Is Palm Oil Bad for You? Here's What Nutritionists Think

What nutritionists now know about the health benefits and drawbacks of palm oil.

Palm oil may not be a home kitchen staple like olive oil or canola oil. But researchers are taking another look at the health benefits and drawbacks of this widely produced tropical oil. Palm oil is on the ingredient list in numerous processed foods, and it's used in many prepared dishes thanks to its high smoke point.

How does palm oil compare to other cooking oils, and is it as bad for you as experts used to think?
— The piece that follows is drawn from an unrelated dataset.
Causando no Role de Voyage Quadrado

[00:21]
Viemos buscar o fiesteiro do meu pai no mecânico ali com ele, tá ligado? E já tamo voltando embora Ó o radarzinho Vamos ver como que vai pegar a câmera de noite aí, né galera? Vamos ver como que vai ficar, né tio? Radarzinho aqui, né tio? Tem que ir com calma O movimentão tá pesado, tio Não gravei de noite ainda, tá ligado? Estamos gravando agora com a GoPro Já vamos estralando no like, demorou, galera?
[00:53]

We spoke to two nutritionists to find out.

What Is Palm Oil?

Palm oil comes from the fruit of the oil palm tree, a type of tree found mainly in warm climates such as Africa and Asia. It's controversial because the trees grow in rainforest regions, and "the harvesting of this type of oil is being blamed for many negative environmental impacts," New York City-based nutritionist Natalie Rizzo, RD told Health. At room temperature, palm oil is in a semi-solid form.

Palm oil is in greater demand these days. "Because the United States banned the addition of trans fats to food [that are sold in restaurants and on grocery store shelves], many manufacturers have turned to palm oil, which is an inexpensive substitute," Rizzo said.
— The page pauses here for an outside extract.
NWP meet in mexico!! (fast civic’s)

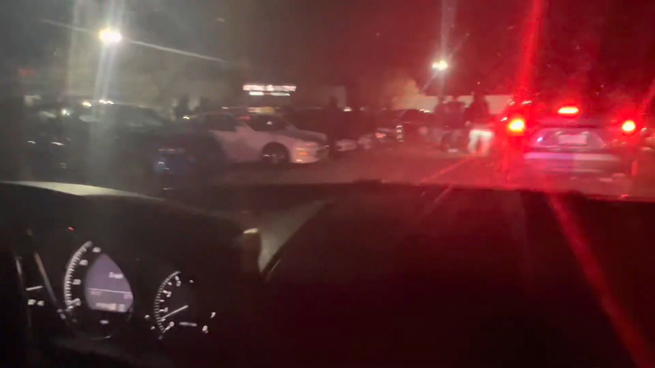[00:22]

Palm oil's nutritional profile is similar to other cooking oils, according to the USDA. One tablespoon contains about 120 calories and 14 grams of total fat, including 7 grams of saturated fat (the same amount as in butter), 5 grams of heart-healthy monounsaturated fat, and 1.5 grams of polyunsaturated fat. Palm oil also provides 2 grams of vitamin E and 1 gram of vitamin K.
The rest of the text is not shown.